The bottom line is that eating a high-protein diet is generally OK for most people.


“If you have healthy kidneys and no pre-existing conditions or disease, a higher protein diet is safe,” says Goodson. If you still have concerns, it’s always a good idea to talk to your doctor before making changes to your diet.

How to Get More Protein In Your Diet

First, you'll want to try to incorporate protein over the course of the day, says Goodson. "Distributing protein evenly throughout the day will provide your body with the amino acids it needs to rebuild and recover," she says. Amino acids are the building blocks of protein and carry out every metabolic function in your body.

The biggest change here might be getting more protein at breakfast, particularly if you're someone who's used to starting off rather light (think: a small bowl of cereal or piece of fruit) and then sitting down to a large chicken breast lunch or dinner.

Read more: 7 Recipes to Add More Protein to Your Breakfast

Goodson points to the work of Douglas Paddon-Jones, PhD, a researcher at the University of Texas Medical Branch at Galveston, who has studied protein distribution. One small study from his group, published in June 2014 in the Journal of Nutrition, compared an even distribution of protein (eating moderate amounts of protein three times per day) with a typical pattern (light protein at breakfast, heavy protein intake at dinner) in both men and women.
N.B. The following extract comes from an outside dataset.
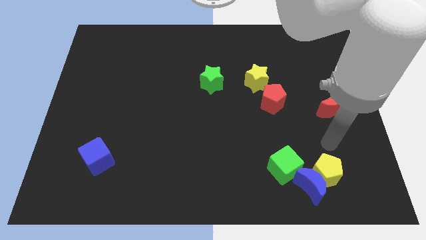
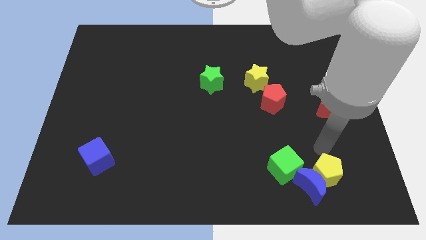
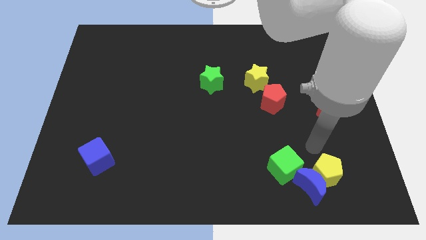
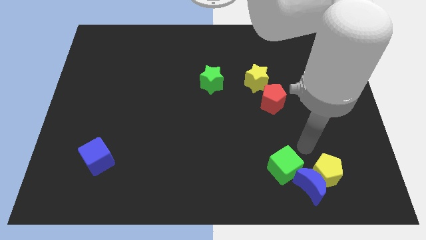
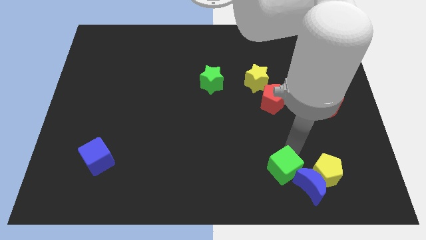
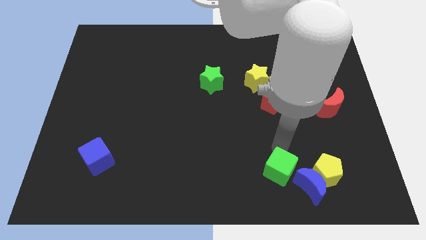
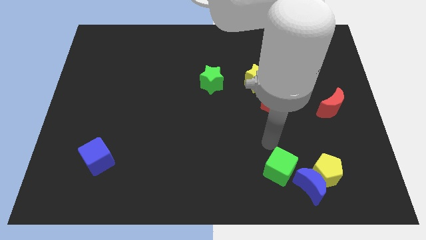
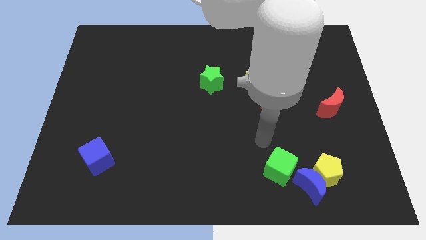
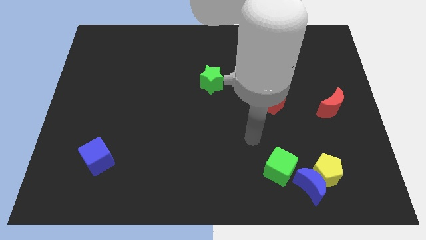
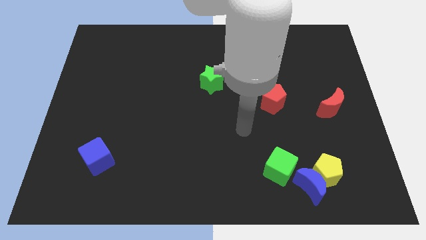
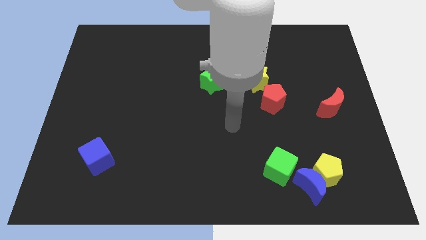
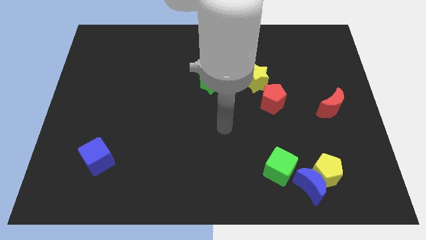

They found that eating moderate protein at each meal was better at stimulating muscle protein synthesis. While the results are provocative, they'll also need to be confirmed by other experiments.


A good goal to aim for is about 30 grams at breakfast, lunch, and dinner, says Goodson. If you want to be extremely precise based on what you need for your training, a February 2018 study in the Journal of the International Society of Sports Nutrition concludes that those who are doing resistance training should aim for 0.4 to 0.55 grams of protein per kilogram of body weight over the course of four meals. That 140-pound person would therefore be eating 25 to 35 grams of protein per meal.

What's more, an April 2015 review published in The American Journal of Clinical Nutrition found that eating 1.2 and 1.6 grams of protein per kilogram of body weight — with each meal containing 25 to 30 grams of protein — can lower your appetite and help manage body weight.

The next step: Making those proteins count. Goodson recommends leaner proteins since animal proteins can have a lot of saturated fat. "While some research supports that saturated fat may not be as bad for you as once thought, the American Heart Association still recommends limiting it to no more than five to six percent of your total daily calories," says Goodson.

Go for proteins like chicken breast, lean cuts of beef and pork, fish, eggs or low-fat dairy. When it comes to protein powders, whey, soy, pea, chia and egg white are all good options depending on your preferences and dietary restrictions, Moskovitz says.

And finally, a certain food isn't inherently better just because it has added protein. "Just because a food is labeled 'high-protein,' that doesn't mean it doesn't have sugar, saturated fat or salt," Moskovitz says. Protein or not, always read labels so you know exactly what you're getting!